Retrospective Strand

When I look back at my first two posts, I regret not adding more multimedia aspects. This is merely part of the learning curve – however I wish I’d picked up the knack a little bit earlier, like my coursemates Joanna and Carl did!

Furthermore,  I wish I had taken the time to consider topics from less obvious different angles – as some of my peers did to great effect. However, this is only a minor regret, as through the reading and commenting process I was still able to learn about, and engage with, new content.

Crucially, I learnt that I do have an ability to manage time within me! Having never been good at time management in the past, the prospect of weekly deadlines was rather daunting. However, by the end of the module, I had devised a schedule of how I would ensure that I had written each blog in time for the deadline.

Self-Made, 2018

This approach ensure that I spent proportionate time on reading, researching, writing and creating, in order to have an interesting, yet informative, post.

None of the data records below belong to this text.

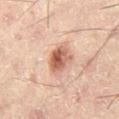biopsy_status: not biopsied; imaged during a skin examination
lighting: cross-polarized
automated_metrics:
  eccentricity: 0.45
  shape_asymmetry: 0.25
  cielab_L: 52
  cielab_a: 22
  cielab_b: 28
  vs_skin_contrast_norm: 9.5
  border_irregularity_0_10: 2.5
  peripheral_color_asymmetry: 2.0
lesion_size:
  long_diameter_mm_approx: 3.0
image:
  source: total-body photography crop
  field_of_view_mm: 15
patient:
  sex: male
  age_approx: 50
site: right thigh

My time management was really tested when I had some personal circumstances in the middle of Topic 3, but I still managed to post my blog on time.


Sub-Stratum Strand

Being a law student, my essays are often over 3000 words. This allow me relative freedom to use fanciful language, and repeat points for emphasis. However, this was not the case in this module – having a 300 word limit per post.

Whilst I have been exposed to to short word counts (Twitter), using such a minute word count in an assessed module was a different beast altogether. This  limit forced me to adapt my writing style to be concise and punchy, whilst still conveying the crucial information. Most pertinently, I learnt that I wasn’t always able to talk about every aspect of the topic, and as such I narrowed my focus early on.

The ability to summarise vast bodies of information into short, easy to read posts will no doubt come in great use in the future when I have to explain crucial aspects long legal cases to clients.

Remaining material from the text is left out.